Jennifer B Gilner
Assistant Professor of Obstetrics and Gynecology

My specific area of research interest is in understanding mechanisms of preterm birth. Preterm birth is the leading cause of neonatal morbidity and mortality worldwide, yet strategies to detect and effectively prevent preterm birth are limited. Defects in particular immune system functions have been implicated in several pregnancy disease states. 
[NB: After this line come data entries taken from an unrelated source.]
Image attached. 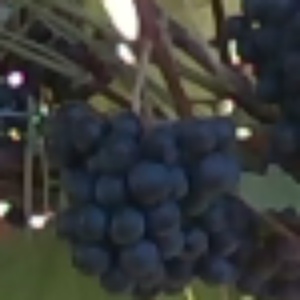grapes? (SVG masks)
<instances>
[{"label":"grapes","instance_id":"1","mask_svg":"<svg viewBox=\"0 0 300 300\" xmlns=\"http://www.w3.org/2000/svg\"><path fill=\"white\" fill-rule=\"evenodd\" d=\"M46 153L74 200L56 217L71 267L124 300L232 281L255 253L254 212L233 194L245 162L226 115L107 121L87 102L47 120Z\"/></svg>","mask_w":300,"mask_h":300}]
</instances>
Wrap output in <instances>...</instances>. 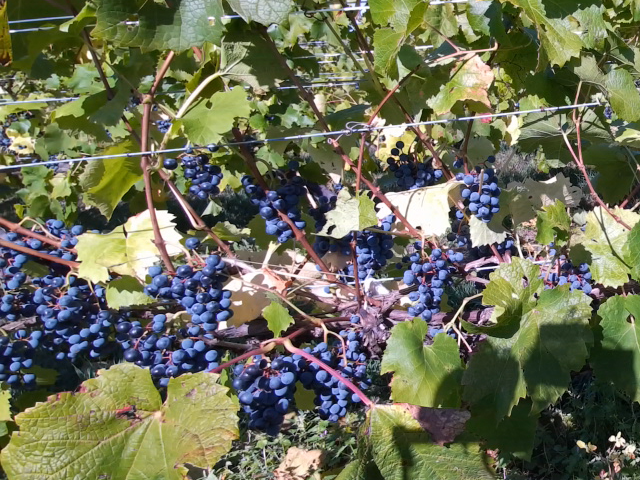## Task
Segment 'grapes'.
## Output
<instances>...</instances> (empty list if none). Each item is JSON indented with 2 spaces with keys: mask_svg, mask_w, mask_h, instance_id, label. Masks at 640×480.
<instances>
[{
  "mask_svg": "<svg viewBox=\"0 0 640 480\" xmlns=\"http://www.w3.org/2000/svg\"><path fill=\"white\" fill-rule=\"evenodd\" d=\"M420 254L413 252L410 257L404 256L401 262L395 265L397 270L403 267V264L411 262L407 266V270L403 272V282L407 286L416 284L419 291H412L407 294V299L417 302L413 306L407 308V313L411 317H418L426 323L432 320L433 314L441 311V296L444 294V286L446 283H453V273L456 271L454 266H447V262L443 259V251L440 248H433L430 251L429 260L419 262Z\"/></svg>",
  "mask_w": 640,
  "mask_h": 480,
  "instance_id": "grapes-3",
  "label": "grapes"
},
{
  "mask_svg": "<svg viewBox=\"0 0 640 480\" xmlns=\"http://www.w3.org/2000/svg\"><path fill=\"white\" fill-rule=\"evenodd\" d=\"M454 179L462 181L468 187L460 190V196L464 200H468V211L475 213L483 223H489L493 213L500 211L498 196L502 193V189L498 185V178L494 176V170L487 168L483 171L482 194L479 192L480 185L476 183V179L471 174L459 171L454 175Z\"/></svg>",
  "mask_w": 640,
  "mask_h": 480,
  "instance_id": "grapes-7",
  "label": "grapes"
},
{
  "mask_svg": "<svg viewBox=\"0 0 640 480\" xmlns=\"http://www.w3.org/2000/svg\"><path fill=\"white\" fill-rule=\"evenodd\" d=\"M0 254H9L13 257L11 266L7 265V260L4 257H0V270L4 272V277L2 278L3 288L5 290H16L27 279V274L20 272V269L29 262V257L25 253L7 247H0Z\"/></svg>",
  "mask_w": 640,
  "mask_h": 480,
  "instance_id": "grapes-13",
  "label": "grapes"
},
{
  "mask_svg": "<svg viewBox=\"0 0 640 480\" xmlns=\"http://www.w3.org/2000/svg\"><path fill=\"white\" fill-rule=\"evenodd\" d=\"M201 270H193L188 264L179 265L173 280L170 276L162 275L160 265H152L147 269L152 278L143 288V294L149 299L159 297L162 300L179 301L181 309L191 316V323L197 326L179 328L177 333L184 339L181 349H175L169 358L168 348L175 342L172 333L160 334L165 329L166 316L157 313L152 317L151 331L153 333L143 338V326L138 320H128L131 312L122 309L119 312H109L101 309L97 302L107 300L105 287L94 283L72 286L67 292L57 297L50 296L54 290L65 284L63 275L53 277L35 276L32 285L36 291L23 289L17 299V308L10 303L16 300L14 294L0 297V318L8 322H15L22 318L38 315L44 323L42 330H35L29 334L27 346L36 350L42 341V346L49 352L55 353L58 360L65 357L74 359L81 351L90 349L89 355L98 358L104 351L107 335L111 326L117 324L115 342L124 349L123 358L127 362H135L140 368H151L150 375L158 379L161 387L169 384L170 376H178L181 372L192 373L212 371L219 365L218 352L207 349L203 340L195 342L190 338L201 335L212 340L218 329V323L229 322L234 316L232 306V291L223 289L228 280L226 275L214 274L221 272L226 263L221 261L218 253H211L205 259Z\"/></svg>",
  "mask_w": 640,
  "mask_h": 480,
  "instance_id": "grapes-1",
  "label": "grapes"
},
{
  "mask_svg": "<svg viewBox=\"0 0 640 480\" xmlns=\"http://www.w3.org/2000/svg\"><path fill=\"white\" fill-rule=\"evenodd\" d=\"M387 163L394 175L400 178L397 185L406 190H414L426 184L433 185L442 180L443 173L438 168L431 169L429 163L420 162L418 165H414L412 161H409L407 165L399 166L392 157L387 159Z\"/></svg>",
  "mask_w": 640,
  "mask_h": 480,
  "instance_id": "grapes-10",
  "label": "grapes"
},
{
  "mask_svg": "<svg viewBox=\"0 0 640 480\" xmlns=\"http://www.w3.org/2000/svg\"><path fill=\"white\" fill-rule=\"evenodd\" d=\"M14 344L7 336L0 337V381H5L8 385H14L18 380L16 374L21 368H30L34 360L24 358L22 354L12 353Z\"/></svg>",
  "mask_w": 640,
  "mask_h": 480,
  "instance_id": "grapes-12",
  "label": "grapes"
},
{
  "mask_svg": "<svg viewBox=\"0 0 640 480\" xmlns=\"http://www.w3.org/2000/svg\"><path fill=\"white\" fill-rule=\"evenodd\" d=\"M241 184L244 191L253 194L249 198L252 206H258V217L265 222V233L270 237L277 236L280 244H285L294 237V231L290 228L286 221L276 215V210L281 209L286 213L299 229L306 227V221L300 219V213L295 205L299 202L298 196L305 194L303 180L300 177H292L287 186H283L279 190H270L265 195L260 185H254L253 177L250 174H244L241 177Z\"/></svg>",
  "mask_w": 640,
  "mask_h": 480,
  "instance_id": "grapes-4",
  "label": "grapes"
},
{
  "mask_svg": "<svg viewBox=\"0 0 640 480\" xmlns=\"http://www.w3.org/2000/svg\"><path fill=\"white\" fill-rule=\"evenodd\" d=\"M448 217L452 219V231L454 233H457L460 229V234L458 235L457 239V236L455 234L449 232L446 235V239L450 242L456 240V245L459 248H463L467 244L468 238L470 237L469 226L467 224H463L460 227V222L464 218V214L458 209L456 205H453L451 207V211L448 213Z\"/></svg>",
  "mask_w": 640,
  "mask_h": 480,
  "instance_id": "grapes-14",
  "label": "grapes"
},
{
  "mask_svg": "<svg viewBox=\"0 0 640 480\" xmlns=\"http://www.w3.org/2000/svg\"><path fill=\"white\" fill-rule=\"evenodd\" d=\"M561 275L559 273L541 272L539 277L541 279H547L549 282H557L559 285H565L567 282L571 284L568 286L570 291L577 290L583 291L586 294L592 292V285L589 283L592 273L589 271V265L587 263H580L578 268L573 263H564L561 266Z\"/></svg>",
  "mask_w": 640,
  "mask_h": 480,
  "instance_id": "grapes-11",
  "label": "grapes"
},
{
  "mask_svg": "<svg viewBox=\"0 0 640 480\" xmlns=\"http://www.w3.org/2000/svg\"><path fill=\"white\" fill-rule=\"evenodd\" d=\"M339 335L346 337L348 346L346 348V358L349 361H345L343 357L338 359L332 355V352L328 350L329 345L326 342H319L312 348L304 346L302 351L312 358H320V360L329 365L335 371H339L338 375L343 377L347 381H351L354 377L359 383L361 390H367L374 385V380L367 376V365L363 363L366 360V354L364 352H357L356 349L360 346V338L364 336L363 332L357 333L351 330H340Z\"/></svg>",
  "mask_w": 640,
  "mask_h": 480,
  "instance_id": "grapes-6",
  "label": "grapes"
},
{
  "mask_svg": "<svg viewBox=\"0 0 640 480\" xmlns=\"http://www.w3.org/2000/svg\"><path fill=\"white\" fill-rule=\"evenodd\" d=\"M209 158L205 154H199L197 157L183 156L182 164L187 168L182 170V176L185 179H191V186L188 192L197 195L202 200L209 198L208 191L218 196L220 188L218 185L223 179V173L218 165H211Z\"/></svg>",
  "mask_w": 640,
  "mask_h": 480,
  "instance_id": "grapes-9",
  "label": "grapes"
},
{
  "mask_svg": "<svg viewBox=\"0 0 640 480\" xmlns=\"http://www.w3.org/2000/svg\"><path fill=\"white\" fill-rule=\"evenodd\" d=\"M313 245L314 251L324 257L326 252H340L343 256H349L352 245L356 251L358 278L365 280L372 277L381 267L394 256L391 248L394 241L390 234H382L373 231L351 232L344 239H339L330 245L328 237L317 236Z\"/></svg>",
  "mask_w": 640,
  "mask_h": 480,
  "instance_id": "grapes-5",
  "label": "grapes"
},
{
  "mask_svg": "<svg viewBox=\"0 0 640 480\" xmlns=\"http://www.w3.org/2000/svg\"><path fill=\"white\" fill-rule=\"evenodd\" d=\"M252 363L254 365L249 367L236 364L233 373L237 377L232 381V387L241 390L238 401L243 412L249 415L247 428L250 431H265L268 436H276L281 431L298 380L305 389L315 391L313 412L319 414L322 421L336 423L346 415L349 403L361 402V398L336 376L297 353L276 355L270 368L277 369L280 374L268 378L263 376L262 369L268 366V360L262 354L255 355Z\"/></svg>",
  "mask_w": 640,
  "mask_h": 480,
  "instance_id": "grapes-2",
  "label": "grapes"
},
{
  "mask_svg": "<svg viewBox=\"0 0 640 480\" xmlns=\"http://www.w3.org/2000/svg\"><path fill=\"white\" fill-rule=\"evenodd\" d=\"M45 227L48 228L50 234L61 240L62 248L53 250L39 249L42 245V242L40 240L34 238H18L19 234L17 232H7L4 227H0V238L15 245H23L24 247L29 246L31 249L38 250V252L43 254L66 259L69 261H74V253L63 248H67L69 245L78 244V238L74 236H80L83 232L84 226L73 225L65 230L63 229L64 222L62 220L50 218L45 220Z\"/></svg>",
  "mask_w": 640,
  "mask_h": 480,
  "instance_id": "grapes-8",
  "label": "grapes"
},
{
  "mask_svg": "<svg viewBox=\"0 0 640 480\" xmlns=\"http://www.w3.org/2000/svg\"><path fill=\"white\" fill-rule=\"evenodd\" d=\"M338 198L336 196H332L330 200L326 196H321L319 198V202L321 207L316 209H310L308 214L314 218L316 223L314 227L317 231H321L326 225V218L324 217L325 212H330L336 205Z\"/></svg>",
  "mask_w": 640,
  "mask_h": 480,
  "instance_id": "grapes-15",
  "label": "grapes"
}]
</instances>

Current Research Interests

A normally functioning maternal immune system is critical to a healthy pregnancy, since there are necessary transitions in immune reactivity as the conceptus invades, inhabits, then evacuates the uterus. To sustain full term gestation, the maternal immune system must become tolerant to foreign fetal antigens, allowing growth and development of the semi-allogeneic fetus. Breakdown in maternal-fetal tolerance has been linked to spontaneous preterm delivery, and the molecular biomarkers are notably distinct from the markers of infection-based inflammation. In comparable allogeneic scenarios, such as organ transplantation or cancer micrometastasis, the principal cell population in the maintenance of immune tolerance is T regulatory cells (Tregs). Thus, we hypothesize that T regulatory cell dysfunction is a mechanism of disease in the subset of preterm births marked by a maternal anti-fetal rejection phenotype.